Yarı denetimli öğrenmenin avantajları

  • Uygun maliyetli: Yarı denetimli öğrenme, kapsamlı etiketlenmiş verilere olan ihtiyacı azaltır, etiketleme maliyetlerini ve çabasını, ayrıca insan hatası ve önyargının etkisini azaltır.
  • Geliştirilmiş tahminler: Etiketli ve etiketsiz verileri birleştirmek, modelin öğrenebileceği daha fazla veri sağladığından, yalnızca denetimli öğrenmeye kıyasla genellikle daha iyi tahmin kalitesiyle sonuçlanır.
  • Ölçeklenebilirlik: Yarı denetimli öğrenme, milyarlarca potansiyel sahtekarlık işlemi gibi kapsamlı etiketlemenin pratik olmadığı gerçek dünya uygulamaları için iyi bir seçimdir çünkü büyük veri kümelerini minimum etiketli veriyle işler.
  • Esneklik: Denetimli ve denetimsiz öğrenmenin güçlü yönlerini birleştirmek, bu yaklaşımı birçok göreve ve alana uyarlanabilir hale getirir.
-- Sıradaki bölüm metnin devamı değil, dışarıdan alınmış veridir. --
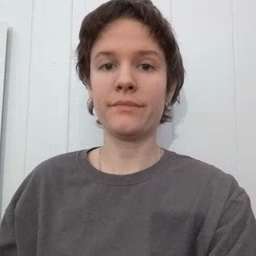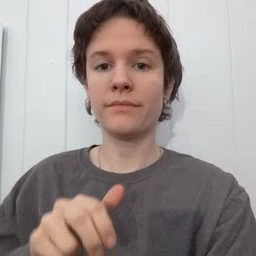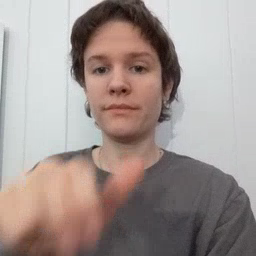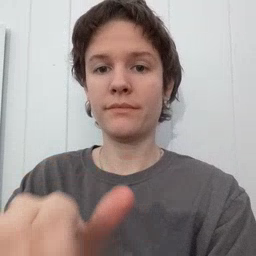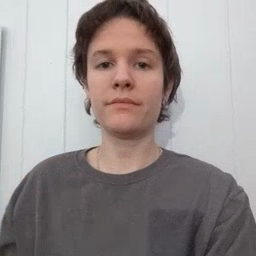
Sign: ride
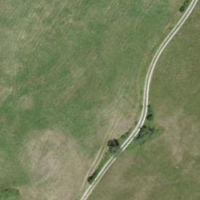
EUNIS habitat code: 24
Species observed at this site:
Plantago media
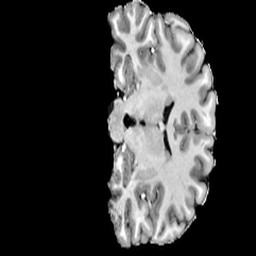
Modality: T1w
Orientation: coronal
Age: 24
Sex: male
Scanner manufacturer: siemens
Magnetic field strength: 6.98 T
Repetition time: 6 s
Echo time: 0.00302 s
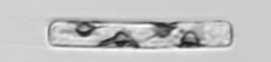
Label: Guinardia_delicatula
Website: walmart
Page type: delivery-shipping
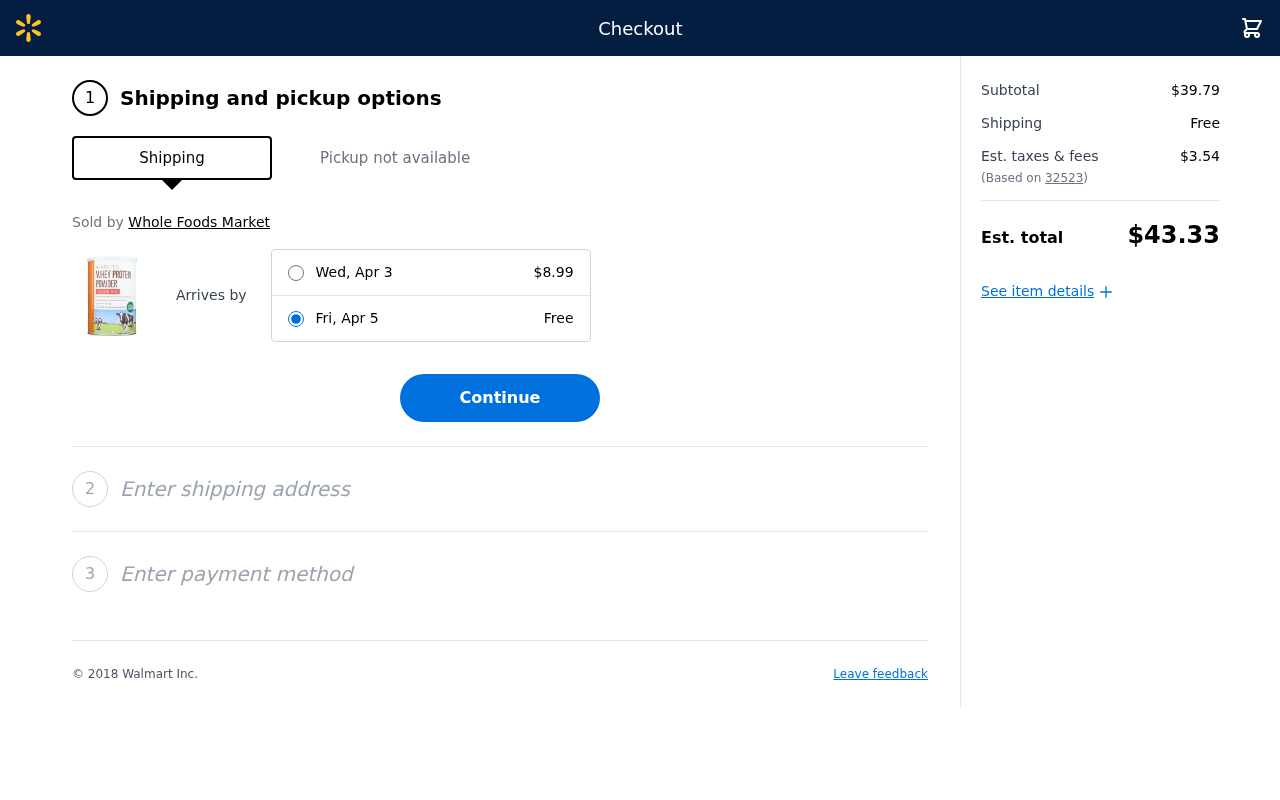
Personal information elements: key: PII_POSTCODE
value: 32523
Product elements: key: PRODUCT1_BRAND
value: Whole Foods Market
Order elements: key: ORDER_EXPRESS_DATE
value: Wed, Apr 3
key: ORDER_EXPRESS_PRICE
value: $8.99
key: ORDER_DELIVERY_DATE
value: Fri, Apr 5
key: ORDER_SHIPPING_COST
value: Free
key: ORDER_SUBTOTAL
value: $39.79
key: ORDER_SHIPPING_COST2
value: Free
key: ORDER_TAX
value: $3.54
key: ORDER_TOTAL
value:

Yarı denetimli öğrenmenin dezavantajları

  • Karmaşıklık: Etiketli ve etiketsiz verilerin entegre edilmesi genellikle veri aralıklarının normalleştirilmesi, eksik değerlerin atanması ve boyutsallığın azaltılması gibi karmaşık ön işleme tekniklerini gerektirir.
  • Varsayıma güven: Yarı denetimli yöntemler genellikle, aynı kümedeki aynı etiketi hak eden veri noktaları gibi veri dağıtımıyla ilgili varsayımlara dayanır ve bu her zaman doğru olmayabilir.
  • Gürültü potansiyeli: Etiketlenmemiş veriler, aykırı değerlerin tespiti ve etiketli verilere göre doğrulama gibi tekniklerle düzgün şekilde ele alınmadığı takdirde gürültüye ve yanlışlıklara neden olabilir.
  • Değerlendirmesi daha zor: Çok fazla etiketli veri olmadan, standart denetimli öğrenme değerlendirme yaklaşımlarından çok fazla yararlı bilgi elde edemezsiniz.